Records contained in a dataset

========================================================================

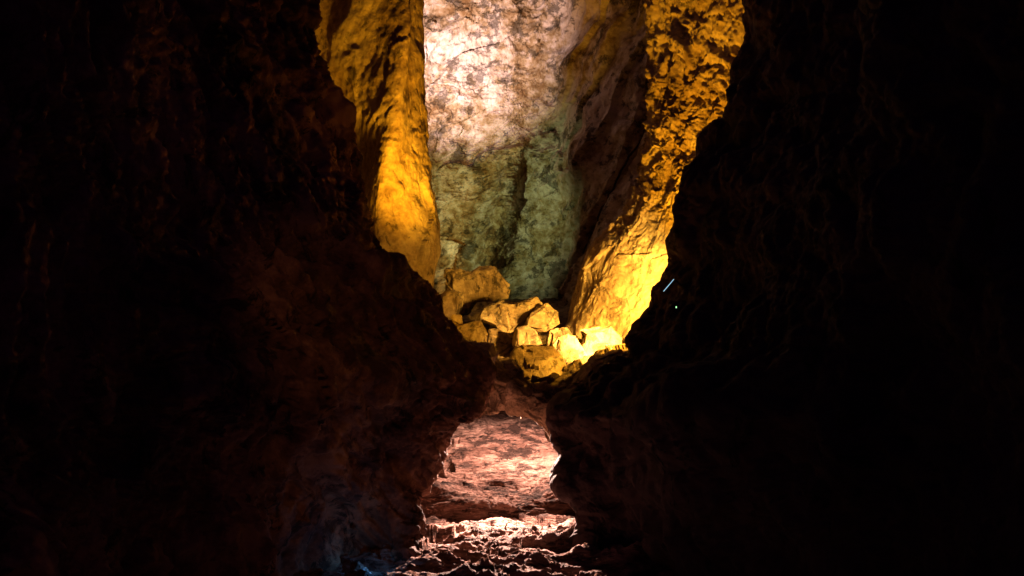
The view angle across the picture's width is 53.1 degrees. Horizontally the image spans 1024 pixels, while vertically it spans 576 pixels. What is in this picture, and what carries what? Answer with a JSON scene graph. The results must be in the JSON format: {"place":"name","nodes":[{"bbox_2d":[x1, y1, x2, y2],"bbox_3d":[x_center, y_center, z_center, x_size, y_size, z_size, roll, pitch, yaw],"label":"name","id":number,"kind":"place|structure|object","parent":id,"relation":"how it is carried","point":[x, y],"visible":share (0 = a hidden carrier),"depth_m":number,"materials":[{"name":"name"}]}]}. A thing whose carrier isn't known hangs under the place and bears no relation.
{"place":"outdoors","nodes":[
{"label":"outdoors","id":0,"kind":"place"},
{"bbox_2d":[0,0,496,575],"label":"cave wall","id":1,"kind":"structure","parent":0,"point":[232,342],"depth_m":6.43,"materials":[{"name":"brown stone"}]},
{"bbox_2d":[470,341,498,363],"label":"boulder","id":2,"kind":"object","parent":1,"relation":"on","point":[488,350],"visible":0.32,"depth_m":9.54,"materials":[{"name":"brown stone"}]},
{"bbox_2d":[295,410,674,575],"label":"cave floor","id":3,"kind":"structure","parent":0,"point":[491,503],"depth_m":9.80,"materials":[{"name":"brown stone"}]},
{"bbox_2d":[462,297,607,441],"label":"rock bridge","id":4,"kind":"structure","parent":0,"point":[513,395],"depth_m":9.85,"materials":[{"name":"brown stone"}]},
{"bbox_2d":[441,288,463,319],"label":"boulder","id":5,"kind":"object","parent":4,"relation":"on","point":[453,299],"visible":0.59,"depth_m":13.57,"materials":[{"name":"brown stone"}]},
{"bbox_2d":[457,321,487,341],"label":"boulder","id":6,"kind":"object","parent":4,"relation":"on","point":[474,331],"visible":0.63,"depth_m":11.73,"materials":[{"name":"brown stone"}]},
{"bbox_2d":[451,314,462,326],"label":"boulder","id":7,"kind":"object","parent":6,"relation":"on","point":[457,319],"visible":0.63,"depth_m":11.94,"materials":[{"name":"brown stone"}]},
{"bbox_2d":[444,265,510,316],"bbox_3d":[-0.512,0.065,15.197,0.988,0.789,0.977,0,0,0],"label":"boulder","id":8,"kind":"object","parent":4,"relation":"on","point":[490,283],"visible":0.88,"depth_m":14.80,"materials":[{"name":"brown stone"}]},
{"bbox_2d":[487,328,513,356],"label":"boulder","id":9,"kind":"object","parent":4,"relation":"on","point":[501,340],"visible":0.59,"depth_m":12.01,"materials":[{"name":"brown stone"}]},
{"bbox_2d":[478,296,541,332],"bbox_3d":[-0.018,0.357,13.389,0.850,0.496,0.913,0,0,0],"label":"boulder","id":10,"kind":"object","parent":4,"relation":"on","point":[506,316],"visible":0.87,"depth_m":13.05,"materials":[{"name":"brown stone"}]},
{"bbox_2d":[501,358,523,379],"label":"boulder","id":11,"kind":"object","parent":4,"relation":"on","point":[512,366],"visible":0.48,"depth_m":10.02,"materials":[{"name":"brown stone"}]},
{"bbox_2d":[486,338,559,383],"bbox_3d":[0.419,0.659,13.502,1.749,0.614,6.940,0,0,0],"label":"rubble","id":12,"kind":"object","parent":4,"relation":"on","point":[553,377],"visible":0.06,"depth_m":10.11,"materials":[{"name":"brown stone"}]},
{"bbox_2d":[512,325,542,347],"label":"boulder","id":13,"kind":"object","parent":4,"relation":"on","point":[526,335],"visible":0.7,"depth_m":11.76,"materials":[{"name":"beige stone"}]},
{"bbox_2d":[509,344,565,378],"bbox_3d":[0.273,0.794,10.858,0.656,0.385,0.697,0,0,0],"label":"boulder","id":14,"kind":"object","parent":4,"relation":"on","point":[540,361],"visible":0.77,"depth_m":10.73,"materials":[{"name":"brown stone"}]},
{"bbox_2d":[524,303,559,331],"bbox_3d":[0.366,0.372,12.980,0.463,0.375,0.620,0,0,0],"label":"boulder","id":15,"kind":"object","parent":4,"relation":"on","point":[544,317],"visible":0.88,"depth_m":12.75,"materials":[{"name":"beige stone"}]},
{"bbox_2d":[546,327,572,345],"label":"boulder","id":16,"kind":"object","parent":4,"relation":"on","point":[553,335],"visible":0.53,"depth_m":12.24,"materials":[{"name":"beige stone"}]},
{"bbox_2d":[552,334,586,362],"bbox_3d":[0.621,0.747,11.262,0.403,0.485,0.574,0,0,0],"label":"boulder","id":17,"kind":"object","parent":4,"relation":"on","point":[568,347],"visible":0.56,"depth_m":11.17,"materials":[{"name":"yellow stone"}]},
{"bbox_2d":[572,344,627,382],"bbox_3d":[0.930,0.754,10.125,0.702,0.385,0.840,0,0,0],"label":"boulder","id":18,"kind":"object","parent":4,"relation":"on","point":[588,366],"visible":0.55,"depth_m":9.96,"materials":[{"name":"brown stone"}]},
{"bbox_2d":[580,326,621,355],"bbox_3d":[0.975,0.658,11.572,0.538,0.461,0.628,0,0,0],"label":"boulder","id":19,"kind":"object","parent":4,"relation":"on","point":[594,339],"visible":0.63,"depth_m":11.42,"materials":[{"name":"beige stone"}]},
{"bbox_2d":[423,0,648,304],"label":"cave back wall","id":20,"kind":"structure","parent":0,"point":[537,113],"depth_m":19.27,"materials":[{"name":"grey stone"}]},
{"bbox_2d":[545,0,1023,575],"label":"cave wall","id":21,"kind":"structure","parent":0,"point":[821,222],"depth_m":6.40,"materials":[{"name":"brown stone"}]},
{"bbox_2d":[663,279,680,292],"bbox_3d":[1.420,-0.017,8.854,0.090,0.121,0.330,0,0,42],"label":"fluorescent lamp","id":22,"kind":"object","parent":21,"relation":"attached to","point":[670,285],"visible":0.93,"depth_m":8.77,"materials":[{"name":"blue"}]}
]}

========================================================================

* **Instructions for the task**: Should there be pictures in the data, leave them out and return the rest exactly.

* **Exercise output**:
The view angle across the picture's width is 53.1 degrees. Horizontally the image spans 1024 pixels, while vertically it spans 576 pixels. What is in this picture, and what carries what? Answer with a JSON scene graph. The results must be in the JSON format: {"place":"name","nodes":[{"bbox_2d":[x1, y1, x2, y2],"bbox_3d":[x_center, y_center, z_center, x_size, y_size, z_size, roll, pitch, yaw],"label":"name","id":number,"kind":"place|structure|object","parent":id,"relation":"how it is carried","point":[x, y],"visible":share (0 = a hidden carrier),"depth_m":number,"materials":[{"name":"name"}]}]}. A thing whose carrier isn't known hangs under the place and bears no relation.
{"place":"outdoors","nodes":[
{"label":"outdoors","id":0,"kind":"place"},
{"bbox_2d":[0,0,496,575],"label":"cave wall","id":1,"kind":"structure","parent":0,"point":[232,342],"depth_m":6.43,"materials":[{"name":"brown stone"}]},
{"bbox_2d":[470,341,498,363],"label":"boulder","id":2,"kind":"object","parent":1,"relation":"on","point":[488,350],"visible":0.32,"depth_m":9.54,"materials":[{"name":"brown stone"}]},
{"bbox_2d":[295,410,674,575],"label":"cave floor","id":3,"kind":"structure","parent":0,"point":[491,503],"depth_m":9.80,"materials":[{"name":"brown stone"}]},
{"bbox_2d":[462,297,607,441],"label":"rock bridge","id":4,"kind":"structure","parent":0,"point":[513,395],"depth_m":9.85,"materials":[{"name":"brown stone"}]},
{"bbox_2d":[441,288,463,319],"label":"boulder","id":5,"kind":"object","parent":4,"relation":"on","point":[453,299],"visible":0.59,"depth_m":13.57,"materials":[{"name":"brown stone"}]},
{"bbox_2d":[457,321,487,341],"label":"boulder","id":6,"kind":"object","parent":4,"relation":"on","point":[474,331],"visible":0.63,"depth_m":11.73,"materials":[{"name":"brown stone"}]},
{"bbox_2d":[451,314,462,326],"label":"boulder","id":7,"kind":"object","parent":6,"relation":"on","point":[457,319],"visible":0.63,"depth_m":11.94,"materials":[{"name":"brown stone"}]},
{"bbox_2d":[444,265,510,316],"bbox_3d":[-0.512,0.065,15.197,0.988,0.789,0.977,0,0,0],"label":"boulder","id":8,"kind":"object","parent":4,"relation":"on","point":[490,283],"visible":0.88,"depth_m":14.80,"materials":[{"name":"brown stone"}]},
{"bbox_2d":[487,328,513,356],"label":"boulder","id":9,"kind":"object","parent":4,"relation":"on","point":[501,340],"visible":0.59,"depth_m":12.01,"materials":[{"name":"brown stone"}]},
{"bbox_2d":[478,296,541,332],"bbox_3d":[-0.018,0.357,13.389,0.850,0.496,0.913,0,0,0],"label":"boulder","id":10,"kind":"object","parent":4,"relation":"on","point":[506,316],"visible":0.87,"depth_m":13.05,"materials":[{"name":"brown stone"}]},
{"bbox_2d":[501,358,523,379],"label":"boulder","id":11,"kind":"object","parent":4,"relation":"on","point":[512,366],"visible":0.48,"depth_m":10.02,"materials":[{"name":"brown stone"}]},
{"bbox_2d":[486,338,559,383],"bbox_3d":[0.419,0.659,13.502,1.749,0.614,6.940,0,0,0],"label":"rubble","id":12,"kind":"object","parent":4,"relation":"on","point":[553,377],"visible":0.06,"depth_m":10.11,"materials":[{"name":"brown stone"}]},
{"bbox_2d":[512,325,542,347],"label":"boulder","id":13,"kind":"object","parent":4,"relation":"on","point":[526,335],"visible":0.7,"depth_m":11.76,"materials":[{"name":"beige stone"}]},
{"bbox_2d":[509,344,565,378],"bbox_3d":[0.273,0.794,10.858,0.656,0.385,0.697,0,0,0],"label":"boulder","id":14,"kind":"object","parent":4,"relation":"on","point":[540,361],"visible":0.77,"depth_m":10.73,"materials":[{"name":"brown stone"}]},
{"bbox_2d":[524,303,559,331],"bbox_3d":[0.366,0.372,12.980,0.463,0.375,0.620,0,0,0],"label":"boulder","id":15,"kind":"object","parent":4,"relation":"on","point":[544,317],"visible":0.88,"depth_m":12.75,"materials":[{"name":"beige stone"}]},
{"bbox_2d":[546,327,572,345],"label":"boulder","id":16,"kind":"object","parent":4,"relation":"on","point":[553,335],"visible":0.53,"depth_m":12.24,"materials":[{"name":"beige stone"}]},
{"bbox_2d":[552,334,586,362],"bbox_3d":[0.621,0.747,11.262,0.403,0.485,0.574,0,0,0],"label":"boulder","id":17,"kind":"object","parent":4,"relation":"on","point":[568,347],"visible":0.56,"depth_m":11.17,"materials":[{"name":"yellow stone"}]},
{"bbox_2d":[572,344,627,382],"bbox_3d":[0.930,0.754,10.125,0.702,0.385,0.840,0,0,0],"label":"boulder","id":18,"kind":"object","parent":4,"relation":"on","point":[588,366],"visible":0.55,"depth_m":9.96,"materials":[{"name":"brown stone"}]},
{"bbox_2d":[580,326,621,355],"bbox_3d":[0.975,0.658,11.572,0.538,0.461,0.628,0,0,0],"label":"boulder","id":19,"kind":"object","parent":4,"relation":"on","point":[594,339],"visible":0.63,"depth_m":11.42,"materials":[{"name":"beige stone"}]},
{"bbox_2d":[423,0,648,304],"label":"cave back wall","id":20,"kind":"structure","parent":0,"point":[537,113],"depth_m":19.27,"materials":[{"name":"grey stone"}]},
{"bbox_2d":[545,0,1023,575],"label":"cave wall","id":21,"kind":"structure","parent":0,"point":[821,222],"depth_m":6.40,"materials":[{"name":"brown stone"}]},
{"bbox_2d":[663,279,680,292],"bbox_3d":[1.420,-0.017,8.854,0.090,0.121,0.330,0,0,42],"label":"fluorescent lamp","id":22,"kind":"object","parent":21,"relation":"attached to","point":[670,285],"visible":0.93,"depth_m":8.77,"materials":[{"name":"blue"}]}
]}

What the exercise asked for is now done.